Right up front it has to be said that this is far from being a hard-hitting news piece. And what's more it'll probably only have a limited appeal bearing in mind that among the roll call of names are those that will only be familiar to the French, or French ex-patriots, Francophiles, Francophones and France-watchers.
There again there are some that will strike a chord around the globe, so forgive the indulgence. And if you’re in the slightest bit curious keep reading to discover an account of a rollicking good evening spent watching a performance that had the audience proverbially “rolling in the aisles”, whooping with laughter and grinning from ear-to-ear for more than two solid hours.
All right it was probably a public easily won over and which had come to see the launch of a very special sort of one-man show.

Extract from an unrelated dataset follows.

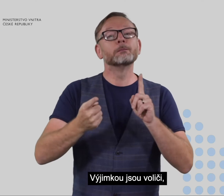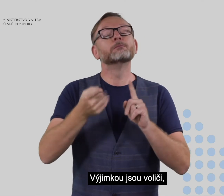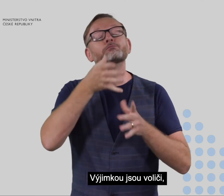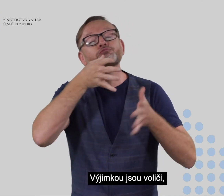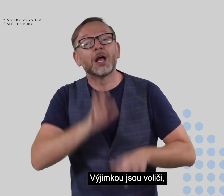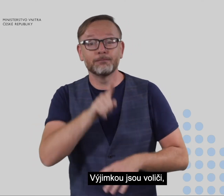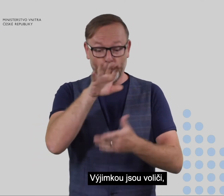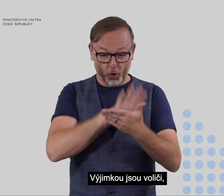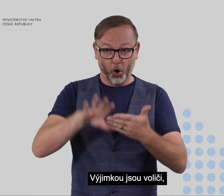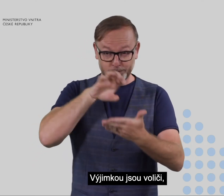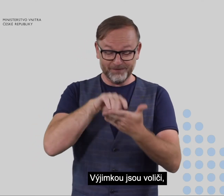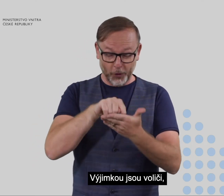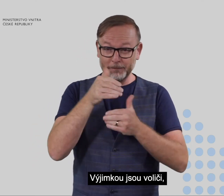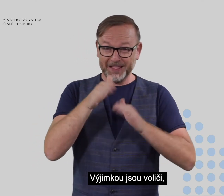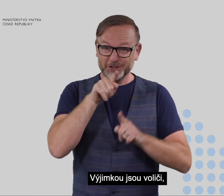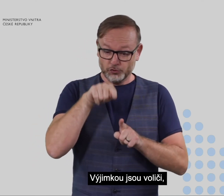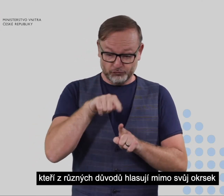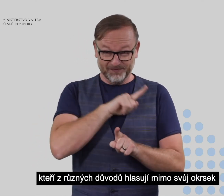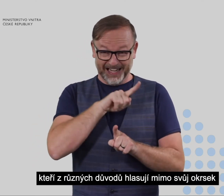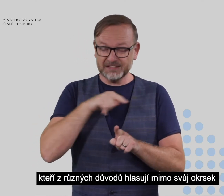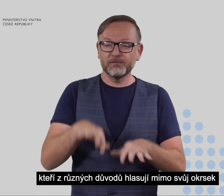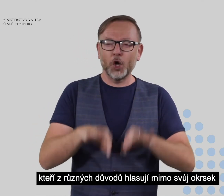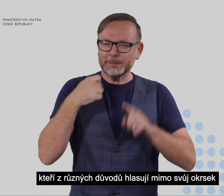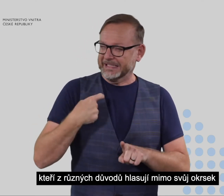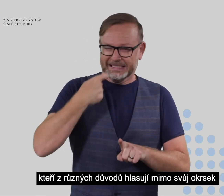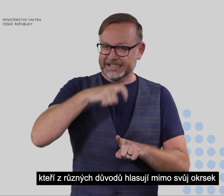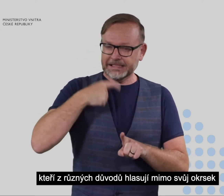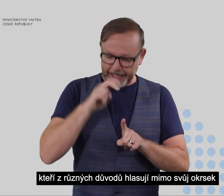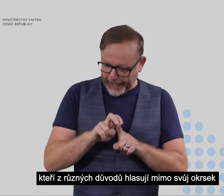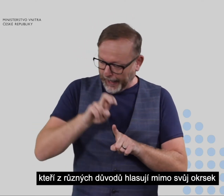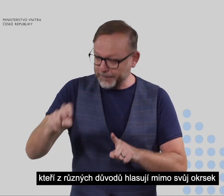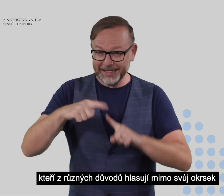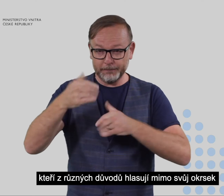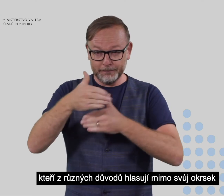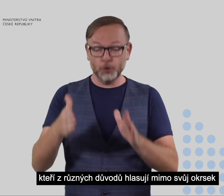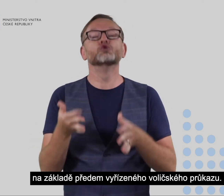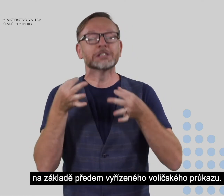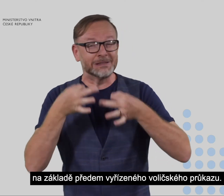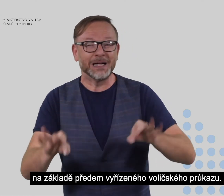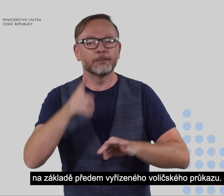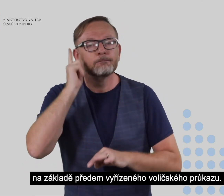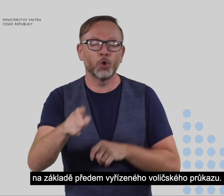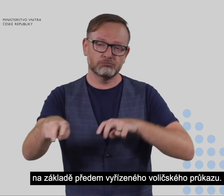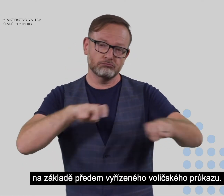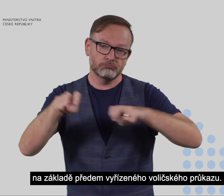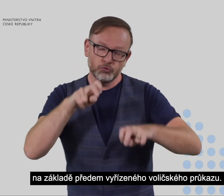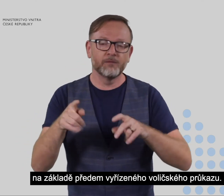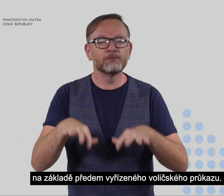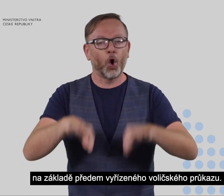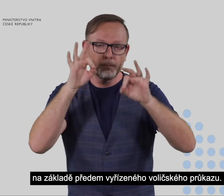kteří z různých důvodů hlasují mimo svůj okrsek, na základě předem vyřízeného volického průkazu. O

Or perhaps better said, a one-woman show, performed by Liane Foly.
She's no stranger to the French and it's as a singer that the 45-year-old has made her name over the years, releasing her first album in 1988 and following it up with a string of hits and the occasional appearance in films made for television.
But in her one-woman show "La Folle Parenthèse" Foly makes her first real venture into another area of entertainment entirely as an impersonator and she pulls it off with professional aplomb.
In it she single-handedly assembles some of the greats - past and present - of the French music scene, with some international artists thrown in for good measure along with politicians, television stars, and actresses.
The 19th century Théâtre Marigny just off the Champs Elysées in Paris, with seating for over 1,000 was packed to the rafters every night of Foly’s recent opening run as she sang, strutted, croaked and danced her way through 30 plus characters, interspersing her performance with rapier wit and wicked social and political comment.
Whether it was as a swooning parody of France’s first lady Carla Bruni-Sarkozy, or as a majestically strutting Socialist politician, Ségolène Royal, Foly slipped effortlessly from one imitation to the next with a minimum of costume changes, no gimmicks, and a simple mimic of gesture and mannerism to convince the audience that she really had brought along a whole cast of characters.
Accompanied by just two musicians – the pianist Jean Yves d'Angelo and his brother, Pierre, on the saxophone and percussion – Foly presented a simple plot to hold everything together.
She bantered as the gravel-voiced actresses Muriel Robin and Line Renaud, and later as Celine Dion in her rapid-fire French, with the imaginary Pedro somewhere at the back of the theatre.
Pedro wanted her to provide a possible line-up of improbable stars for a cabaret to be performed the following evening in St Etienne, a less than fashionable city in central eastern France better known perhaps as the former capital of this country’s bicycle industry and for its soccer team which in the 1960s and 70s dominated the French league.
A most unlikely venue for some of the past and present greats of the French music and film world and certainly not a place international stars would put high on their list of performance dates.
The scene set, Foly used the “audition” as a vehicle for some spot-on satire, political and social comment and some belting good songs - never letting the audience forget that not only can Foly hold a tune as herself, she can do it as a host of other people too.
As France Gall she warbled some French evergreens and as Sylvie Vartan she flounced about the stage, dangling a wandering microphone and flicking her non-existent lavish blonde locks
Actress Jeanne Moreau growled, the late Serge Gainsbourg's English-born wife, Jane Birkin, sang a tribute to her husband in her much-beloved and heavily accented French, Canada’s very own Mylène Farmer intentionally left everyone wondering exactly what she was singing about as she pirouetted mindlessly around the stage and had her ethereal music mocked for its incomprehensibility. Madonna went in for a touch of S&M just for a change.
Carla Bruni-Sarkozy flirted with the pianist as though he were the incarnation of her "Nicolas" and to the strains of la Marseillaise and huge applause on strode last year's defeated Socialist presidential candidate, Ségolène Royal, promising not to talk politics and then proceeding to do just that.
Into the mix Foly threw Christophe Willem - a former winner of France's answer to American Idol and the voice of music producer Orlando.
After performing non-stop for just over two hours, Foly was dragged back for the inevitable but hugely welcome encore to perform as two icons of French music no longer around – Barbara and Dalida.
And then, just when you thought there could be no more, France television’s own very dippy and often inappropriately-dressed 50-something meteorologist, Catherine Laborde, came on to give us an update on what weather would lie ahead for tomorrow, the night of the “real” performance.
Foly's run at the sumptuous Théâtre Marigny in Paris ended at the weekend and she’ll now be taking her show on the road around the country for the rest of the year – ending up back in the French capital in December for an encore at Olympia.
If any of the names here have meant anything to you, and you’re planning a trip to France at some time this year, this is one act – or a multitude of them – that you would be well advised not to miss.